* **PROMPT**:
Find the line containing "STEP (ISO 10303-21)". Retype it and every line after it through the end of the entries, exactly as written, with nothing added.

* **AVAILABLE DATA**:
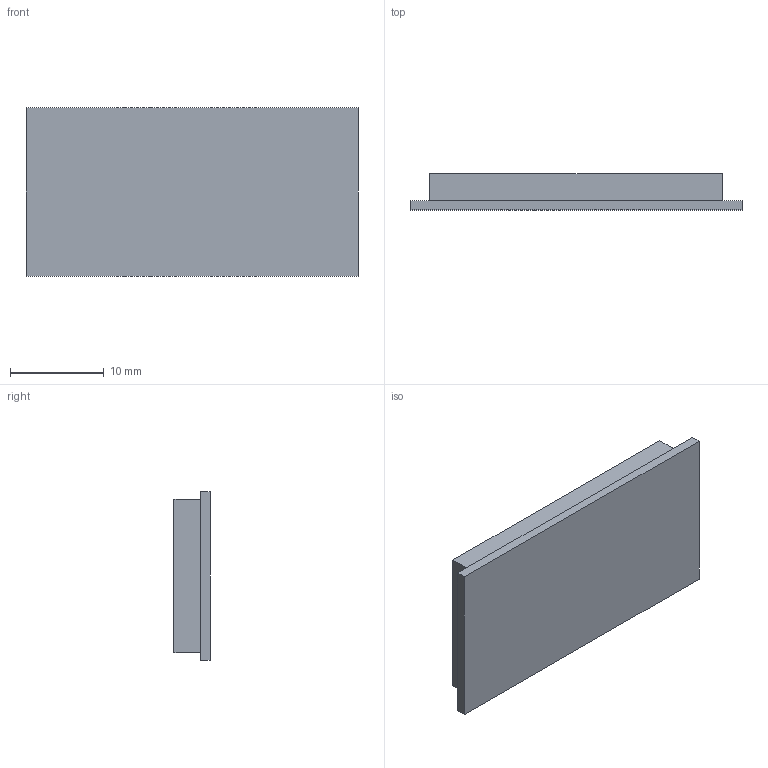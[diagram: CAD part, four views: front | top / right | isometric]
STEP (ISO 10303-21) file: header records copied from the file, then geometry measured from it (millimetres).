
FILE_DESCRIPTION(/* description */ (''),/* implementation_level */ '2;1');
FILE_NAME(/* name */ 'RFM98PW.step',/* time_stamp */ '2022-03-04T08:55:23-05:00',/* author */ (''),/* organization */ (''),/* preprocessor_version */ 'ST-DEVELOPER v18.1',/* originating_system */ 'Autodesk Translation Framework v10.13.0.1454',/* authorisation */ '');
FILE_SCHEMA (('AUTOMOTIVE_DESIGN { 1 0 10303 214 3 1 1 }'));
Length unit declared in the file: millimetre
Products named in the file (1): RFM98PW
Bounding box: 35.4 x 3.85 x 18 mm (x, y, z)
Volume: 2095.5 mm3; surface area: 2675.9 mm2
Topology: 2 solids, 2 shells, 12 faces, 24 edges, 16 vertices
Faces by surface type: plane 12
Entity records: 347 total; most frequent: CARTESIAN_POINT 53, DIRECTION 50, ORIENTED_EDGE 48, LINE 24, VECTOR 24, EDGE_CURVE 24, VERTEX_POINT 16, AXIS2_PLACEMENT_3D 13

* **FINISHED TASK**:
STEP (ISO 10303-21) file: header records copied from the file, then geometry measured from it (millimetres).
FILE_DESCRIPTION(/* description */ (''),/* implementation_level */ '2;1');
FILE_NAME(/* name */ 'RFM98PW.step',/* time_stamp */ '2022-03-04T08:55:23-05:00',/* author */ (''),/* organization */ (''),/* preprocessor_version */ 'ST-DEVELOPER v18.1',/* originating_system */ 'Autodesk Translation Framework v10.13.0.1454',/* authorisation */ '');
FILE_SCHEMA (('AUTOMOTIVE_DESIGN { 1 0 10303 214 3 1 1 }'));
Length unit declared in the file: millimetre
Products named in the file (1): RFM98PW
Bounding box: 35.4 x 3.85 x 18 mm (x, y, z)
Volume: 2095.5 mm3; surface area: 2675.9 mm2
Topology: 2 solids, 2 shells, 12 faces, 24 edges, 16 vertices
Faces by surface type: plane 12
Entity records: 347 total; most frequent: CARTESIAN_POINT 53, DIRECTION 50, ORIENTED_EDGE 48, LINE 24, VECTOR 24, EDGE_CURVE 24, VERTEX_POINT 16, AXIS2_PLACEMENT_3D 13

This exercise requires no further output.